To see what I mean, consider a study at the University of Texas MD Anderson Cancer Center that ties renal cell carcinoma – the most common form of kidney cancer – to consuming barbecued meats.
According to the Texas researchers, doctors are finding kidney cancer in more and more people. They believe our penchant for consuming processed food and meat cooked over an open flame is an important factor in the spread of this malignancy.
Increasing the risk of this type of cancer is an HCA called 2-amino-3,8-dimethylimidazo(4,5-f) quinoxaline.2 This specific HCA, says researcher Xifeng Wu, “is one of the most abundant heterocyclic amines commonly created in grilling, barbecuing, and pan-frying meats at high temperatures.”
In addition, a study at the University of North Carolina shows that women who have survived breast cancer are at an increased risk of an earlier death if they frequently eat “grilled/barbecued and smoked meat.”3
How to grill safely
So, all that being said, the best ways to cut your risk from grilling include4 –
- Marinate your meat before you cook it. When you marinate meat, fish or chicken for 30 minutes or more, fewer carcinogenic HCAs form when you put them on the grill. While no one is sure why this is protective, one theory is that the sugar and fat that sticks to the meat from the marinade absorbs the heat and is seared instead of the proteins in the meat.

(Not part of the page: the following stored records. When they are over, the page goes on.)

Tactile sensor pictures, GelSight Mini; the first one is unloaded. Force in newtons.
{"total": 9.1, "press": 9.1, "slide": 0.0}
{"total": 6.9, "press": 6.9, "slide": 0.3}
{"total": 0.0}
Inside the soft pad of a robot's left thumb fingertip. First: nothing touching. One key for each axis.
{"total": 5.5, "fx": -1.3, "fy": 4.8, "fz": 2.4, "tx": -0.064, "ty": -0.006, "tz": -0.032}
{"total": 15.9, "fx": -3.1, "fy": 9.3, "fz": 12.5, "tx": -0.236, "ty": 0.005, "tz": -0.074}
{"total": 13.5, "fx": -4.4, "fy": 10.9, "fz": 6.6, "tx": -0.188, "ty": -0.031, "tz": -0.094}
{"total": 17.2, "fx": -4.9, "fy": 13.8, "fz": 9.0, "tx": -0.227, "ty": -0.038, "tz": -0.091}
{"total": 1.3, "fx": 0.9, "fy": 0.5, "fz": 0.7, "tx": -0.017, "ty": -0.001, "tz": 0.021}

- Cook your meat with spices, herbs, black or green tea, chili peppers and other botanic ingredients. The spices and other plant substances contain natural compounds called phenols — antioxidants that can chemically react with the carcinogens that form and change them into less harmful substances. And research shows that phenols can lower the risk of diabetes, obesity and inflammation.5
- Don’t put processed meat on the grill. Processed foods like hot dogs have been strongly linked to cancer, and researchers believe we eat too many of them. And if you thought consumption of these processed meats has gone down, think again. Americans are still eating as many hot dogs as they did a couple of decades ago.6 Plus, processed meat has been classified as “carcinogenic to humans” by the International Agency for Research on Cancer.7 It poses a danger no matter what method you use to cook it.

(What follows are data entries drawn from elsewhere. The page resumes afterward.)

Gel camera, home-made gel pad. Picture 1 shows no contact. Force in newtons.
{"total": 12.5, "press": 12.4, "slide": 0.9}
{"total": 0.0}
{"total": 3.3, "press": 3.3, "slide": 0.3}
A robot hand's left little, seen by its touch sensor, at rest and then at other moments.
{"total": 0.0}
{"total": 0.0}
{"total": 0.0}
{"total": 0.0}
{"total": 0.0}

- Limit the time food is on the grill. By cooking things faster, you limit the HCAs that form. Some experts recommend baking your meat a little in the oven first before throwing it on the grill. Cutting your meat into smaller chunks can also help it cook more quickly and form fewer HCAs. Some experts advise cooking food in aluminum foil to protect the food from smoke and help it cook faster. However, research does show that cooking items in foil can leach aluminum into your food at unhealthy levels.8
- Grill more fruits and vegetables. Vegetarian foods don’t form harmful carcinogenic chemicals the way meats do when they’re grilled.

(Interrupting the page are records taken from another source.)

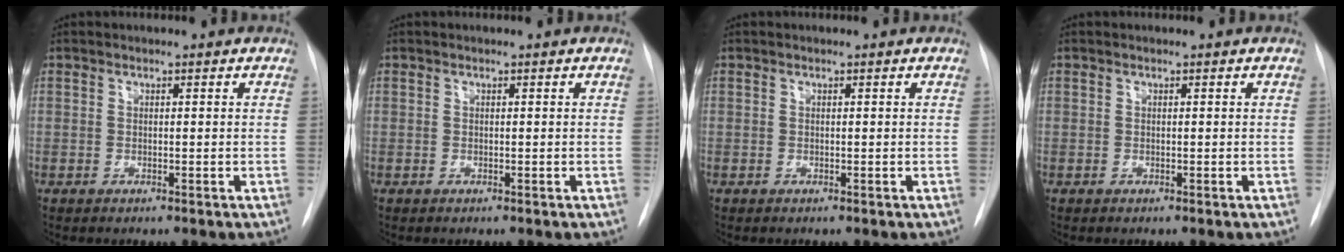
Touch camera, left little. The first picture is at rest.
{"total": 0.0}
{"total": 0.0}
{"total": 0.0}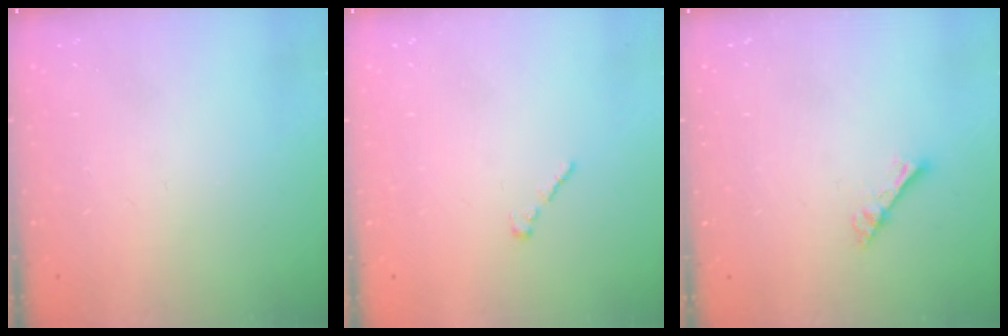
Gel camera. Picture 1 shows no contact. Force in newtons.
{"total": 1.0, "press": 0.9, "slide": 0.5}
{"total": 2.8, "press": 2.8, "slide": 0.2}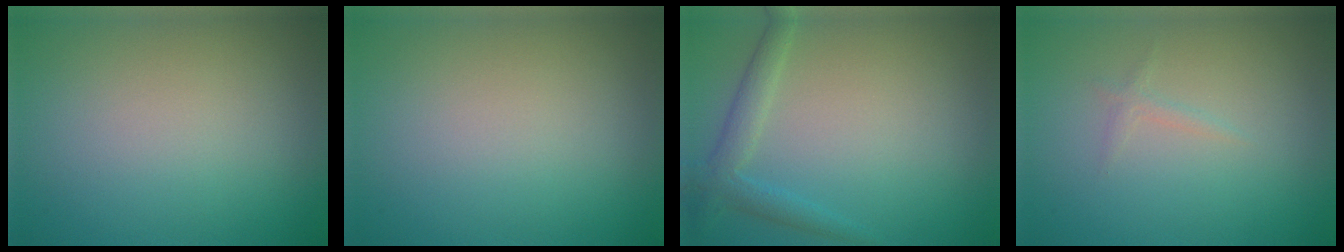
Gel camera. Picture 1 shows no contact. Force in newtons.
{"total": 0.0}
{"total": 2.4, "press": 2.4, "slide": 0.2}
{"total": 0.7, "press": 0.7, "slide": 0.0}

- Cook at lower temperatures. If you have a gas grill, don’t turn the heat way up. If you’re cooking over a wood fire, choose a hardwood like maple or hardwood instead of a soft wood like pine. The hardwoods don’t burn as hot. Charcoal also burns at a lower temperature than softwoods.
- Keep a clean grill. That char that builds up on the grill? When it gets on the next burger or steak that’s being cooked, it adds carcinogens to your food. So give the grill a good scrub between cooking sessions.
- Don’t breathe in the barbecue smoke. When you inhale the smoke coming off the grill, you may get a carcinogenic lung-full of HCAs. To cut down on your exposure, you should also wash your clothes after a barbecue. Taking a shower doesn’t hurt either.
- Keep the fat out of the fire. Since dripping fat creates carcinogens when it falls into the fire and burns, try to cook leaner cuts of meat that don’t yield as much fat. And don’t poke your utensils into the cooking meats – that releases fatty juices that burn.
So while you’re doing your cookouts this summer, keep these tips in mind as you flip your burgers and steaks. And don’t forget to flip them frequently as you cook. Turning them over more often can also minimize the formation of HCAs.